2. The large aperture compact solitaire-babinet compensator apparatus of claim 1, wherein a transmitted beam produces a positive phase delay when the perpendicular bisector (103b) of the long wedge (103) is to the left of the perpendicular bisector (102b) of the short wedge (102);

when the perpendicular bisector (103b) of the long wedge (103) and the perpendicular bisector (102b) of the short wedge (102) coincide, no phase delay is produced in the transmitted beam;

when the perpendicular bisector (103b) of the long wedge (103) is located to the right of the perpendicular bisector (102b) of the short wedge (102), the transmitted beam produces a negative phase delay.

3. The large aperture compact solitaire-babinet compensator apparatus as claimed in claim 1, wherein the diameters of said first rotating base (303a) and said second rotating base (303b) are equal and said first rotating base (303a) and said second rotating base (303b) are coaxial.

4. The large aperture compact solitaire-babinet compensator apparatus of claim 1, wherein said first rotating seat (303a) rotates relative to said first semicircular hole (402a) on said support member (401); the second rotating seat (303b) rotates relative to the second semicircular hole (402b) on the supporting component (401) so as to change the included angle of the incident polarized light relative to the optical axis of the crystal.

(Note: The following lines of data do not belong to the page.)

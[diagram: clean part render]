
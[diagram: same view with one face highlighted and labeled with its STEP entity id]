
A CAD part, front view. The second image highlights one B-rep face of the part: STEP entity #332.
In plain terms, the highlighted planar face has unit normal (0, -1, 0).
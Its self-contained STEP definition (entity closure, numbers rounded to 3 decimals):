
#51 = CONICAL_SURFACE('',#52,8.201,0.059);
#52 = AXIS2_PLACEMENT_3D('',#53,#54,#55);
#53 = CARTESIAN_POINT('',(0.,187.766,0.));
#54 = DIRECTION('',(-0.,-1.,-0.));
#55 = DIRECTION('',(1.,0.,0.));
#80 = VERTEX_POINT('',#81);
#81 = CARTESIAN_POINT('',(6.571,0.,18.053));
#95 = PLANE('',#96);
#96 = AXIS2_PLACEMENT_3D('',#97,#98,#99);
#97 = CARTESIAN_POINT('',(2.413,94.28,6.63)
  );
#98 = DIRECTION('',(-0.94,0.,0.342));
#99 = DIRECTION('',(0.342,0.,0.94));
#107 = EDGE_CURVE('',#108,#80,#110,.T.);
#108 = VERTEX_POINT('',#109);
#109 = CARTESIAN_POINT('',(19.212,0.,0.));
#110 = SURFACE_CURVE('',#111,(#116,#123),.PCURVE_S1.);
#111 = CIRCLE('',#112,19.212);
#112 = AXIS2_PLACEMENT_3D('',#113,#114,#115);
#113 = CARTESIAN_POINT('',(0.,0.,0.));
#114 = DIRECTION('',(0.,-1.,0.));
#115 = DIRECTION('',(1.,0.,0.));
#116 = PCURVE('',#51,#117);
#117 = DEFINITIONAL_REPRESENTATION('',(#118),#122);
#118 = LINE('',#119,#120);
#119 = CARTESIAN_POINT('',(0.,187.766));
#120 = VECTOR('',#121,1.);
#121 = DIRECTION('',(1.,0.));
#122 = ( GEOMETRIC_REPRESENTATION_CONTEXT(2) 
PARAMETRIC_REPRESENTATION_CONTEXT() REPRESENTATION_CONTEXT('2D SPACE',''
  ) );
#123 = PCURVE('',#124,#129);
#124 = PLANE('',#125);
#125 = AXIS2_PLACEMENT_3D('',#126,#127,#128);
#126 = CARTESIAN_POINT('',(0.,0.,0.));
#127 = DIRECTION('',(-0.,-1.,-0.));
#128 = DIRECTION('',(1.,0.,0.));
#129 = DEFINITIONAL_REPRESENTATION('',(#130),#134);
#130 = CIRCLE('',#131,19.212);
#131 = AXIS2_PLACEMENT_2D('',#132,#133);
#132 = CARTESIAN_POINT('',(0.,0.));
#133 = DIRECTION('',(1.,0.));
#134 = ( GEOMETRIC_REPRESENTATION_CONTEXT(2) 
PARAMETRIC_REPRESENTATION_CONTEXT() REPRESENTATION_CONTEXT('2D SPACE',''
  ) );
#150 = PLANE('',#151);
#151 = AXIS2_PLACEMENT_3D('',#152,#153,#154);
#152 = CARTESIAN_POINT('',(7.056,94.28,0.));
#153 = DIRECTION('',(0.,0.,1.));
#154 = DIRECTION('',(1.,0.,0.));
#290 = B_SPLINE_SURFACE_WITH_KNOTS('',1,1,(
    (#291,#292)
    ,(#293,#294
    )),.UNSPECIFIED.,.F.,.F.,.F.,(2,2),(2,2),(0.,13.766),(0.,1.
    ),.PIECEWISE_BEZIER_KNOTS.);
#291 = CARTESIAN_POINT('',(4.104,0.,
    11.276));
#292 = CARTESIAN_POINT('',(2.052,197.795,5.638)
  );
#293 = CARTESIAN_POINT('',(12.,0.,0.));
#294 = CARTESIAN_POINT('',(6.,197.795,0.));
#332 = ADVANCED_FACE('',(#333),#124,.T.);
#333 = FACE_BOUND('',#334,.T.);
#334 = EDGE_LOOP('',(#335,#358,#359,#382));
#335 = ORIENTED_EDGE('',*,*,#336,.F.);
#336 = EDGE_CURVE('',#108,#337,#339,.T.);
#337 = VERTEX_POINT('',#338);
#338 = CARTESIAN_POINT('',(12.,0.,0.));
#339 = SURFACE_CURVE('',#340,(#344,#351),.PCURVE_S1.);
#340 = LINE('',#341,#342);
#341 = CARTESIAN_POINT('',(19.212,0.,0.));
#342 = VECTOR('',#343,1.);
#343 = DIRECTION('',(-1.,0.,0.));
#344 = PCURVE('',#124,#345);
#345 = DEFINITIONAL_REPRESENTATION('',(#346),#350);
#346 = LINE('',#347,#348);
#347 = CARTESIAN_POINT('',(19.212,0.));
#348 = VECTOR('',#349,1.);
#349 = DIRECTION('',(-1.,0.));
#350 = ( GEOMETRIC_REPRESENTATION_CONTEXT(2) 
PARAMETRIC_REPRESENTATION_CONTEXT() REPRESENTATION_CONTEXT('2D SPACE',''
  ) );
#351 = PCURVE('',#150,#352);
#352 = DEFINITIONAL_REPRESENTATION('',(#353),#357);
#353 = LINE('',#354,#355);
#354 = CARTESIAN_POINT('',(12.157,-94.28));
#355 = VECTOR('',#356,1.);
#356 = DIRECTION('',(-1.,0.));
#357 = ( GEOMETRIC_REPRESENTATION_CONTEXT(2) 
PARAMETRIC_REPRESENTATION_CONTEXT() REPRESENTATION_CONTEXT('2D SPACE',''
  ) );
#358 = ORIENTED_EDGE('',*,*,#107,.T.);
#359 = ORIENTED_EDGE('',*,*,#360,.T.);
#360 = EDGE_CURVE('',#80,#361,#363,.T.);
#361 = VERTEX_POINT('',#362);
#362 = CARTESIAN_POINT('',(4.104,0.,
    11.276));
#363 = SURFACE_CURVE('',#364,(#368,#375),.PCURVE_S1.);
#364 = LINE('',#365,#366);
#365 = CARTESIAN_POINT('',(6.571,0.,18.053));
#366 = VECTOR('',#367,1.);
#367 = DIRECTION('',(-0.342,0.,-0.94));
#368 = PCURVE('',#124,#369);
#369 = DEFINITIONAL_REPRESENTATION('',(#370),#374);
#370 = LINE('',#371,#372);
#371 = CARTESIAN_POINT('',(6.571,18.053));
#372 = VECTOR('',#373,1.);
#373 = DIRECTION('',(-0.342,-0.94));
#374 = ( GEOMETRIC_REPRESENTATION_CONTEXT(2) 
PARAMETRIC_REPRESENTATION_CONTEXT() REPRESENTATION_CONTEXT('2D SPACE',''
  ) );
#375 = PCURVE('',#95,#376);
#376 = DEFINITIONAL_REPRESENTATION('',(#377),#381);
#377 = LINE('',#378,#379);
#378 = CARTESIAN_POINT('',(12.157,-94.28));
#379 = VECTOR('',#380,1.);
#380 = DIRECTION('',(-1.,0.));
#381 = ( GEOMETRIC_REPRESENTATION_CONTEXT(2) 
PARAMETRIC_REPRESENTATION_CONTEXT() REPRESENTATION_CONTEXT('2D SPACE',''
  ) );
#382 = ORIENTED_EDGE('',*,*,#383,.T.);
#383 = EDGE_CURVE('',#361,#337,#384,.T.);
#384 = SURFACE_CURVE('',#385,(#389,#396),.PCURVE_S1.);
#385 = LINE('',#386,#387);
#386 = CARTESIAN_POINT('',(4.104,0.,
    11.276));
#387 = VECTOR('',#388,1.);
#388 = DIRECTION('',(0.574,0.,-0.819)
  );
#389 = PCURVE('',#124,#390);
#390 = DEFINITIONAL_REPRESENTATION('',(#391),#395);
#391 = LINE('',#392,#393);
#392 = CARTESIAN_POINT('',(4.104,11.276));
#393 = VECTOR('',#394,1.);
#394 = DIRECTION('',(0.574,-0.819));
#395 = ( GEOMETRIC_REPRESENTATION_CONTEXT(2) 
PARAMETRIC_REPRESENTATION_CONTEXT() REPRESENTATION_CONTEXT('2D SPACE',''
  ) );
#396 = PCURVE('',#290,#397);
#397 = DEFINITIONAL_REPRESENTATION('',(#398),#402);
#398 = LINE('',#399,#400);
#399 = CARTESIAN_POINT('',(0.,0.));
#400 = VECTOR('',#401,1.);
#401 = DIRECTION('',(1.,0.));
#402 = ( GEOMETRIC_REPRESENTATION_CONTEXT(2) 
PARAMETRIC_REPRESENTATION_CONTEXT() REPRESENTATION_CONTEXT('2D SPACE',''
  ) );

5. The large caliber compact solitaire-babinet compensator apparatus as claimed in claim 1, wherein said first press block (403) comprises a first side through hole (403a), a second side through hole (403b), and a first semicircular hole (403 c); the second pressing block (404) comprises a first side through hole (404a), a second side through hole (404b) and a second semicircular hole (404 c);

the first semicircular hole (403c) on the first pressing block (403) and the first semicircular hole (402a) on the supporting component (401) form a first circular hole, and the diameter of the first circular hole is consistent with that of the first rotating seat (303 a);

the second semicircular hole (404c) on the second pressing block (404) and the second semicircular hole (402b) on the supporting component (401) form a second circular hole, and the diameter of the second circular hole is consistent with that of the second rotating seat (303 b).

6. The large-caliber compact Soire-Babinet compensator apparatus according to claim 1, wherein said bearing surface (201) of said crystal optic element moving part (200) is formed with a long hole (206).